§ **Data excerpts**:
————————

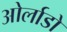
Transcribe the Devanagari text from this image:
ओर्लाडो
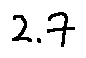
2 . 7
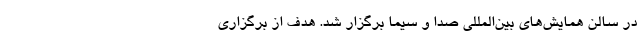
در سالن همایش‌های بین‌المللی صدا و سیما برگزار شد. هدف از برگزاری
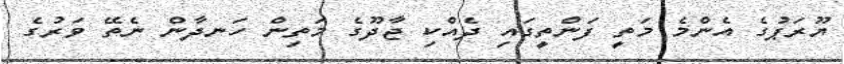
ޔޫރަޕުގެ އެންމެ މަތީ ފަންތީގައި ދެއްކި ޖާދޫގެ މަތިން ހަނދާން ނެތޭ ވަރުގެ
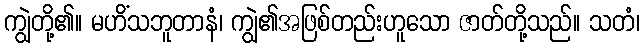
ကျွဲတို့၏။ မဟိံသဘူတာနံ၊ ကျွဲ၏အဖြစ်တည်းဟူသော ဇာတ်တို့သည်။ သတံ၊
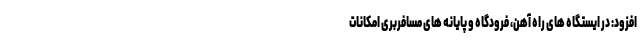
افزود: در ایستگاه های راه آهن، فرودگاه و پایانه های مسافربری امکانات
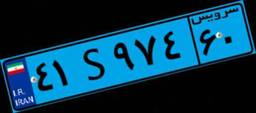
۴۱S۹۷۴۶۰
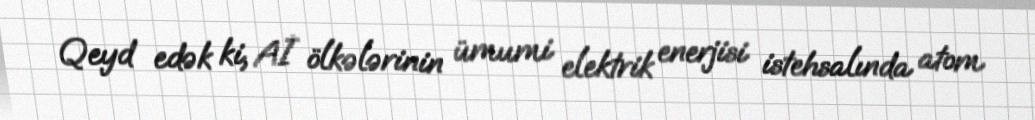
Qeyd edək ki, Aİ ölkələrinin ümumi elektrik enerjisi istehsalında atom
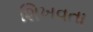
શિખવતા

————————

§ **Task description**: Return each record exactly as given, excluding any image.

§ **Written response**:
Transcribe the Devanagari text from this image:
ओर्लाडो
2 . 7
در سالن همایش‌های بین‌المللی صدا و سیما برگزار شد. هدف از برگزاری
ޔޫރަޕުގެ އެންމެ މަތީ ފަންތީގައި ދެއްކި ޖާދޫގެ މަތިން ހަނދާން ނެތޭ ވަރުގެ
ကျွဲတို့၏။ မဟိံသဘူတာနံ၊ ကျွဲ၏အဖြစ်တည်းဟူသော ဇာတ်တို့သည်။ သတံ၊
افزود: در ایستگاه های راه آهن، فرودگاه و پایانه های مسافربری امکانات
۴۱S۹۷۴۶۰
Qeyd edək ki, Aİ ölkələrinin ümumi elektrik enerjisi istehsalında atom
શિખવતા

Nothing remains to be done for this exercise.